По мере того как допрос «совершенствовался», мэтр Ги умножал свои признания. Когда же его голым положили на «доску», он открыл все. Его отправили на кухню, где напоили теплым бульоном. Вся операция велась под названием «кухарничать». Важно было, чтобы подсудимый набрался сил; пытка должна была заставить его разговориться, она не была самоцелью.
Болтливый Ги Табари выпутался. Его мать выплатила дважды по пятьдесят экю, и теологический факультет удовлетворился этим. Примитивному мошеннику Ги были благодарны за то, что правосудие смогло выбить из него истину. Колен де Кейо, которого к этому времени полиция разыскала и допрашивала, тоже выпутался.
А был ли в Анже Вийон? Действительно ли «Малое завещание» – грезы разочарованного в Париже и парижанках влюбленного юноши? Или так развлекался вор, вынужденный бежать и попытавшийся облечь свое бегство в поэтическую форму в стиле «Бегства», предписываемого канонами куртуазной любви? А «опасности», которым он подвергался, что это: желание умереть из-за «жестокой» или боязнь виселицы? Ни Вийон, ни Табари не придумали путешествия в Анже. Никто не посвящал нас в различные мотивы, толкавшие мэтра Франсуа к дому его дяди, анжевенского священника: забыть? забыться самому? пополнить свою мошну? Можно полагать, что все вместе.
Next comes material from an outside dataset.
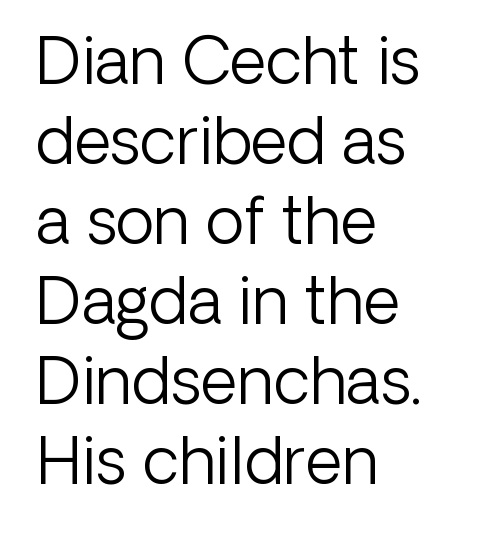
The image shows 64 px light sans-serif type, upright; set left-aligned, normal line spacing (1.25x), normal letter spacing, not underlined; low stroke contrast and a medium x-height.

Поэт узнал о признаниях, сделанных Табари. Он представил себе, как его приговаривают к пытке и к веревке, и не стал упрекать своего друга. Кто поступил бы лучше под пыткой? Но какого черта Табари так разболтался и все преувеличил? Позже он ответит за это: Вийон изъязвит его в «Завещании», где очень точно определит свой дар мэтру Гийому де Вийону. Франсуа завещает своему покровителю… книги, которых у Табари, этого вечного должника, вероятно, нет.
Вот книги, все, что есть, бери,
Возьми роман мой «Тумбу Черта»,
Который мэтр Ги Табари
Переписал рукой нетвердой.
В нем я рассказываю гордо,
Без нежных рифм и плавных строф,
О том, как страже били морды
Ватаги буйных школяров [157] .
Хотел ли Вийон отомстить Табари этими стихами, над которыми еще долго будут ломать голову толкователи? Такого «романа», конечно, никогда не существовало. Вийон не считает Табари достойным такого «наследства» или недвусмысленного упрека. Но он играет на слове «переписал» и вкладывает в это понятие иронию, бичующую человека, который предал своих товарищей. В отношении Вийона к измене есть место состраданию. В глубине души Вийон отдает себе отчет в своей удачливости: в июле 1458 года лучше было находиться в Анже – или другом месте, – чем в Париже.